* [What you have to do] When duplicating the records beneath this instruction, omit every picture and keep all else exact.

* [Listed entries]

▬▬▬▬▬▬

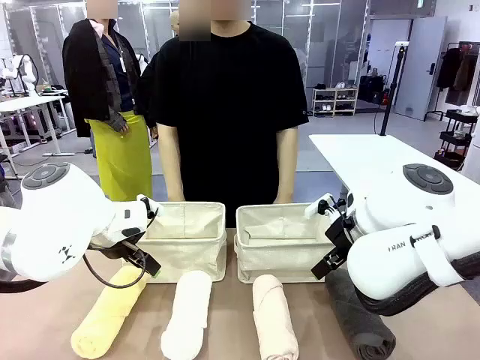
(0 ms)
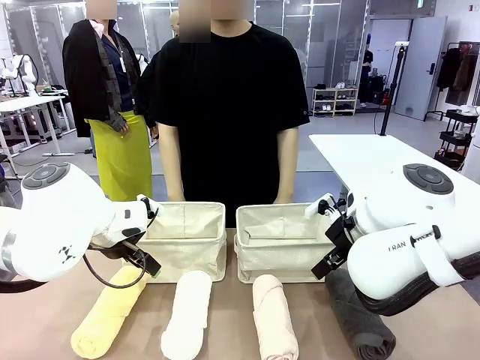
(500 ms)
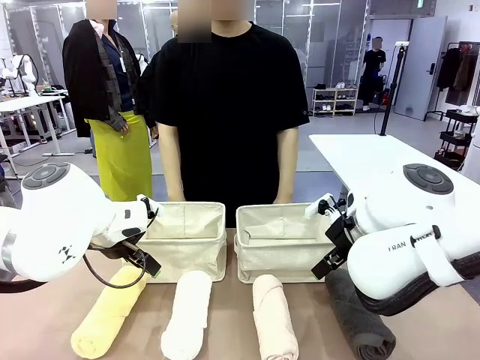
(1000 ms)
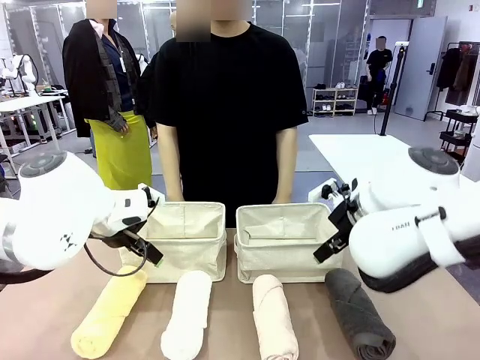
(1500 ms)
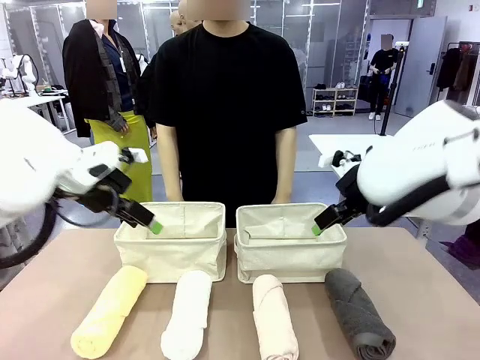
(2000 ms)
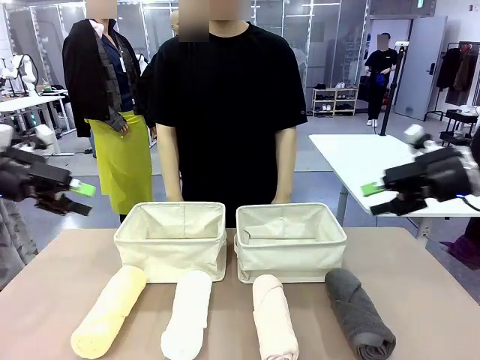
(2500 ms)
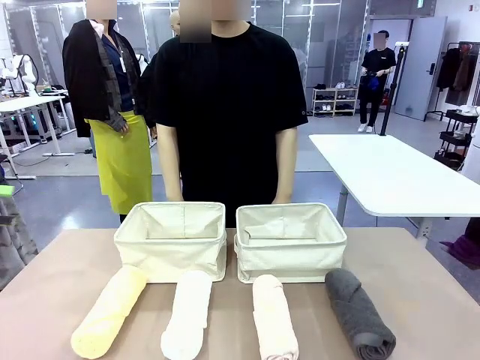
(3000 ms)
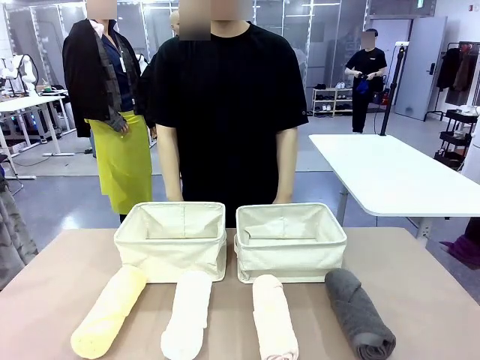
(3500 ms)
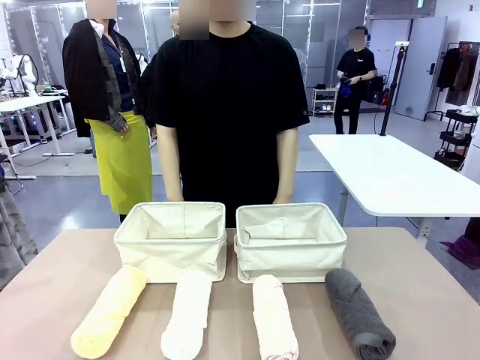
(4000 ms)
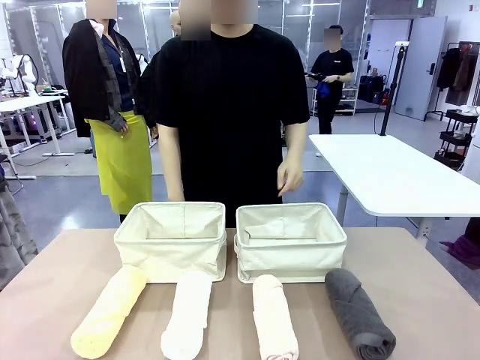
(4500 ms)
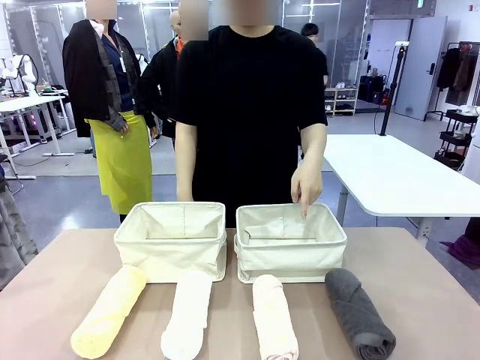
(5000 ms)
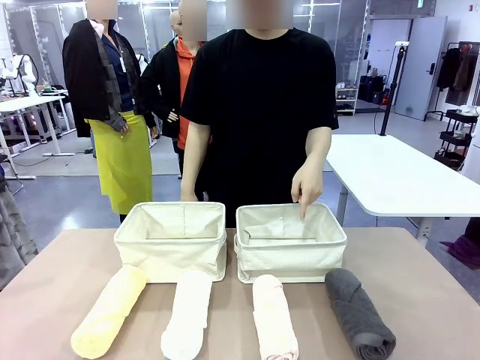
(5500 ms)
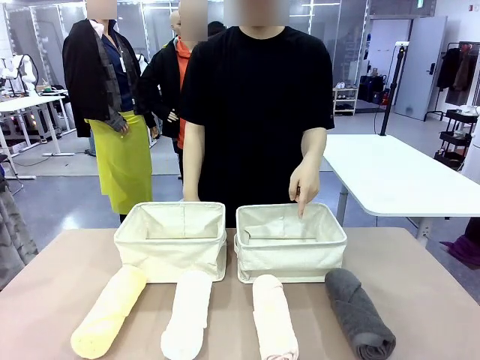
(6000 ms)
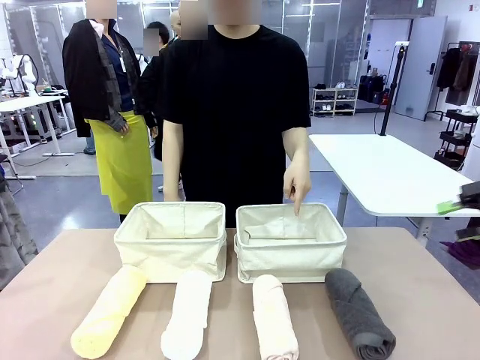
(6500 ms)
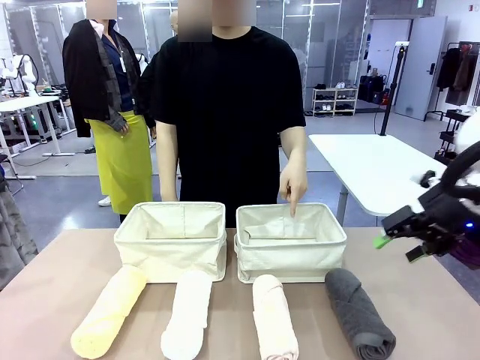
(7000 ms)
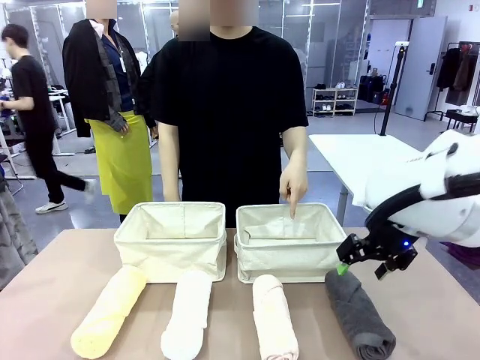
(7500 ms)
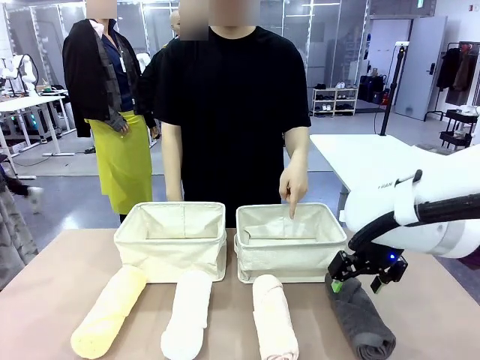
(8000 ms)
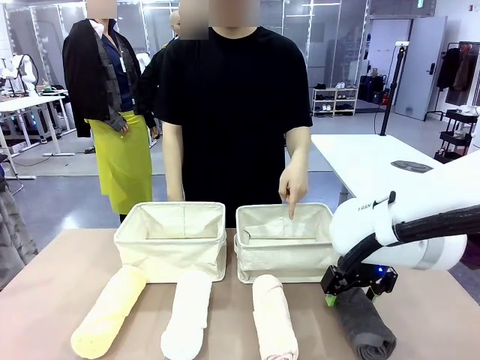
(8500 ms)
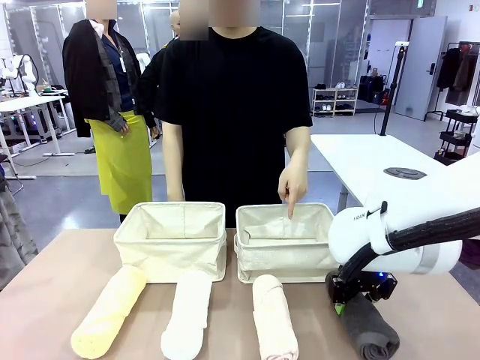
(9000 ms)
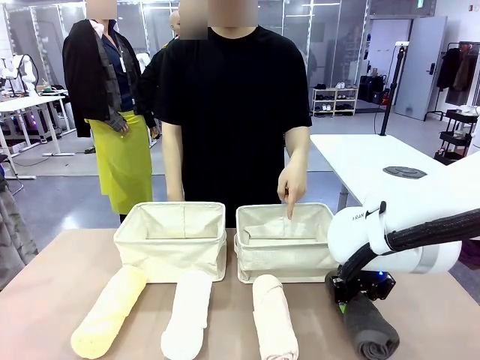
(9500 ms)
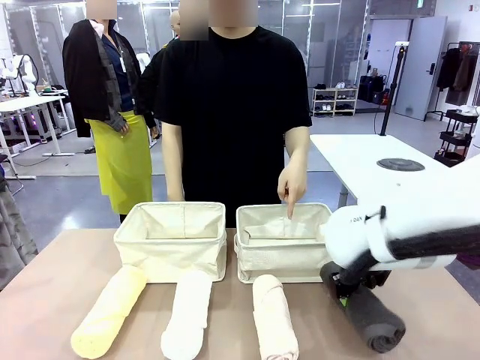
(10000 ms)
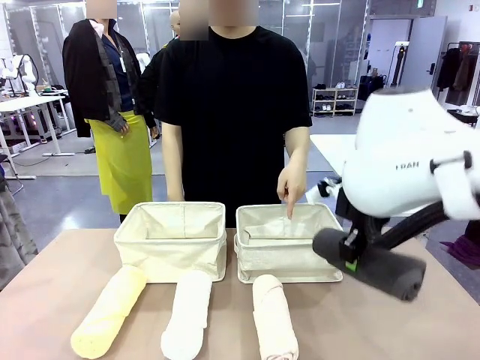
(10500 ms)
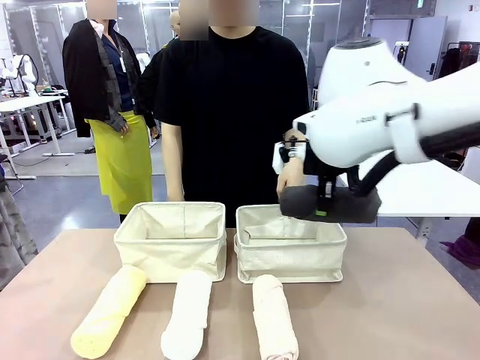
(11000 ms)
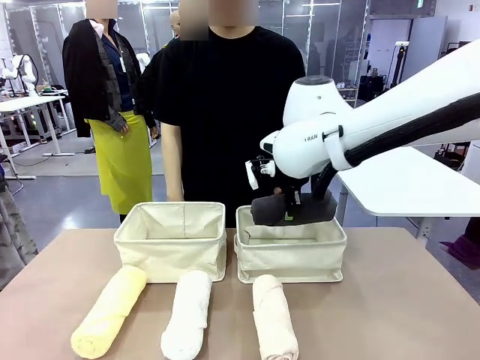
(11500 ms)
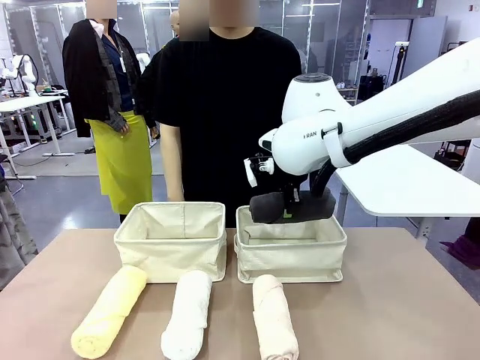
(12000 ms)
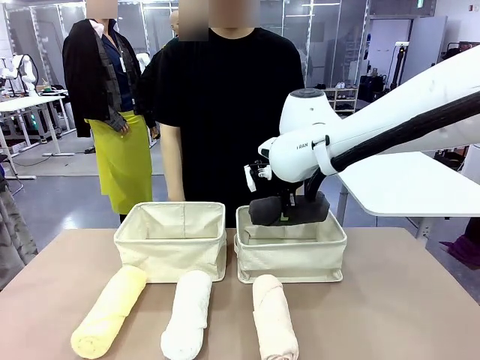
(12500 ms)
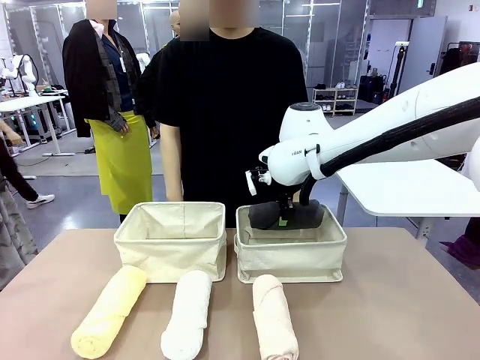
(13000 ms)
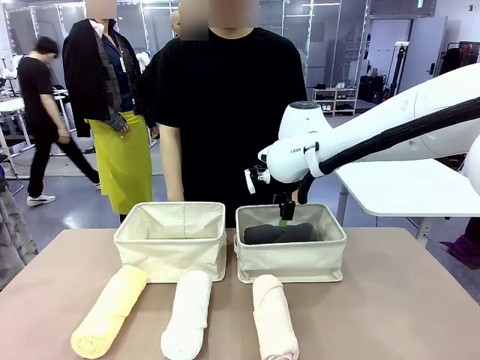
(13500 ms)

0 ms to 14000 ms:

▬▬▬▬▬▬

* [The completed task]
(0 ms)
(500 ms)
(1000 ms)
(1500 ms)
(2000 ms)
(2500 ms)
(3000 ms)
(3500 ms)
(4000 ms)
(4500 ms)
(5000 ms)
(5500 ms)
(6000 ms)
(6500 ms)
(7000 ms)
(7500 ms)
(8000 ms)
(8500 ms)
(9000 ms)
(9500 ms)
(10000 ms)
(10500 ms)
(11000 ms)
(11500 ms)
(12000 ms)
(12500 ms)
(13000 ms)
(13500 ms)

0 ms to 14000 ms:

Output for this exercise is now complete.